В ризнице пухлый румяный иезуит и какой-то пожилой человек, оба в поношенных синих халатах, копались в ящике с гримом. Мальчики, которых уже загримировали, прохаживались тут же или растерянно топтались на одном месте, осторожно ощупывая свои раскрашенные лица кончиками пальцев. Молодой иезуит, гостивший в колледже, стоял посреди ризницы, засунув руки в глубокие боковые карманы, и плавно раскачивался на одном месте, то приподнимаясь на носки, то опускаясь на каблуки. Его маленькая голова с шелковистыми завитками рыжих волос и гладко выбритое лицо как нельзя лучше гармонировали с идеально чистой сутаной и с начищенными до блеска ботинками.
Наблюдая за этой раскачивающейся фигурой и стараясь разгадать значение насмешливой улыбки священника, Стивен вспомнил, как отец перед отправкой его в Клонгоуз говорил, что иезуита всегда можно узнать по умению одеваться. И тут же подумал, что в характере отца есть что-то общее с этим улыбающимся, хорошо одетым священником, и вдруг ощутил осквернение священнического сана и самой ризницы, в тишину которой сейчас врывались громкая болтовня и шутки, а воздух был отравлен запахом грима и газовых рожков.
Пока пожилой человек в синем халате наводил ему морщины на лбу и накладывал синие и черные тени вокруг рта, он рассеянно слушал голос пухлого молодого иезуита, убеждавшего его говорить громко и отчетливо. Он услышал, как оркестр заиграл «Лилию Килларни», и подумал, что вот сейчас, через несколько секунд, поднимется занавес. Он не испытывал страха перед сценой, но роль, в которой он должен был выступать, казалась ему унизительной. Кровь прилила к его накрашенным щекам, когда он вспомнил некоторые свои реплики. Он представил себе, как она смотрит на него из зала серьезными, манящими глазами, и вмиг все его сомнения исчезли, уступив место спокойной уверенности. Его как будто наделили другой природой – он вдруг поддался заразительному детскому веселью, и оно растопило, вытеснило его угрюмую недоверчивость. На один редкостный миг он словно весь преобразился, охваченный истинно мальчишеской радостью; стоя за кулисами вместе с другими участниками спектакля, он вместе с ними смеялся от души, когда два здоровых священника рывками потащили вверх дергающийся и перекосившийся занавес.
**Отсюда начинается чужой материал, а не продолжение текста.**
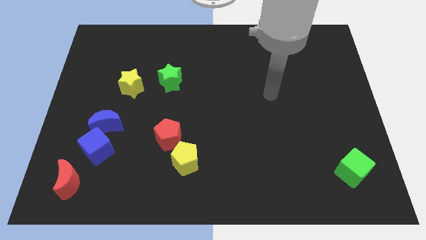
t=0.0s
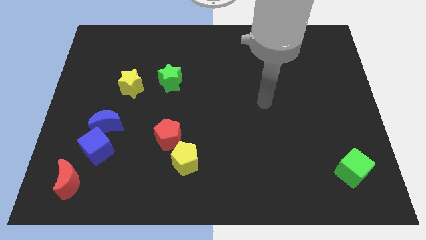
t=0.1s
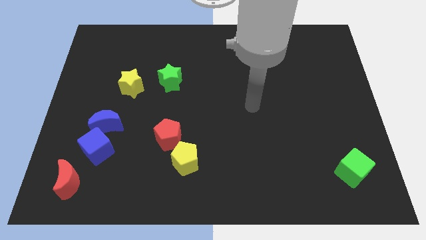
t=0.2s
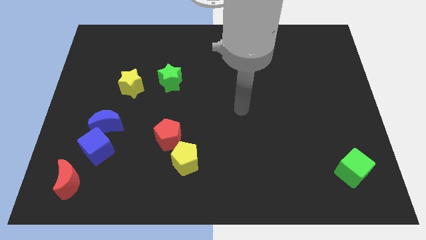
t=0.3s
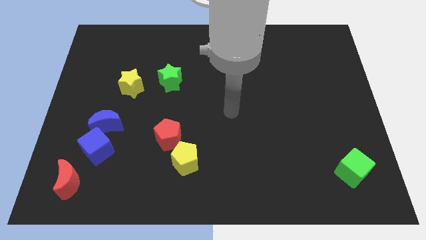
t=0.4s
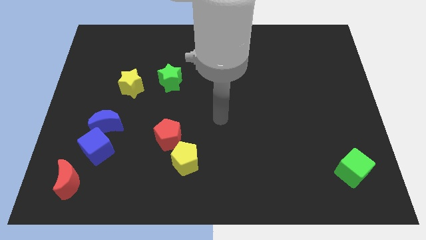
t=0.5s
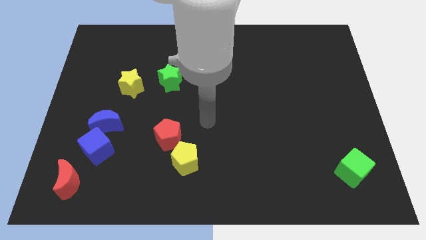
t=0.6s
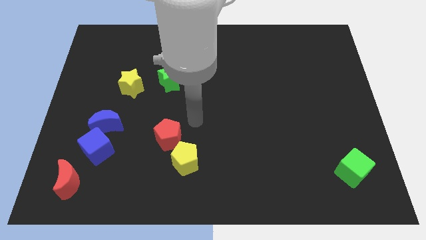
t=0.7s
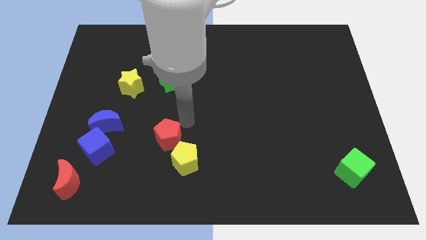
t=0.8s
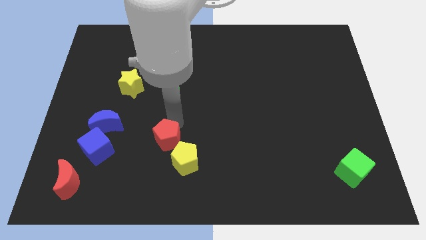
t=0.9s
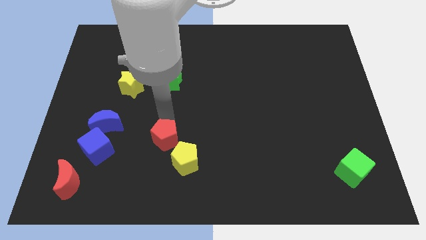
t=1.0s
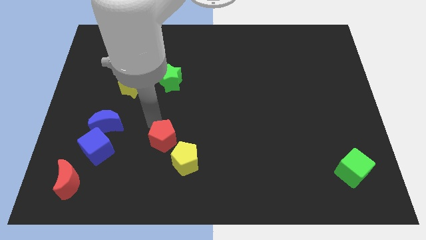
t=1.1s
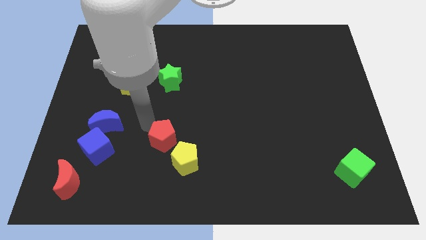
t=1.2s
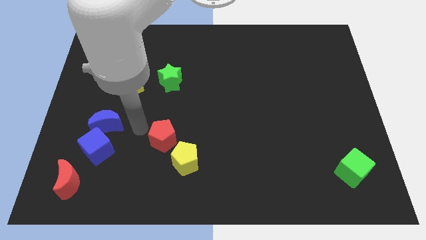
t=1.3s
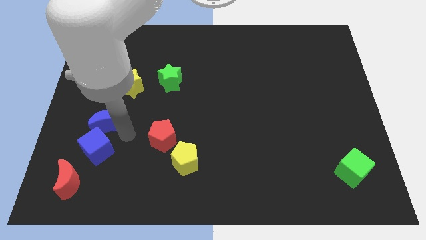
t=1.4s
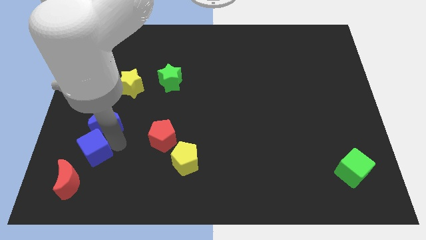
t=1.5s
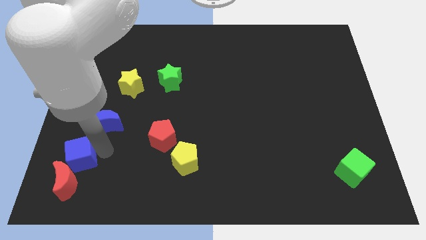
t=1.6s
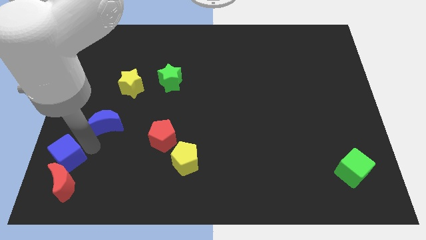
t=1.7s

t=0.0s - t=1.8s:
pull the blue moon apart from the blue cube

Спустя несколько секунд он очутился на сцене среди ярких огней и тусклых декораций перед бессчетными лицами, смотревшими на него из пустоты пространства. Он с удивлением обнаружил, что пьеса, которая на репетициях казалась ему бессвязной и безжизненной, внезапно обрела какую-то собственную жизнь. Она словно разворачивалась сама, а он и его партнеры только помогали ей своими репликами. Когда представление окончилось и занавес опустился, он услышал, как пустота загрохотала аплодисментами, и сквозь щель сбоку увидел, как сплошная, состоящая из бессчетных лиц масса, перед которой он только что выступал, сейчас разорвалась и распалась на маленькие оживленные группы.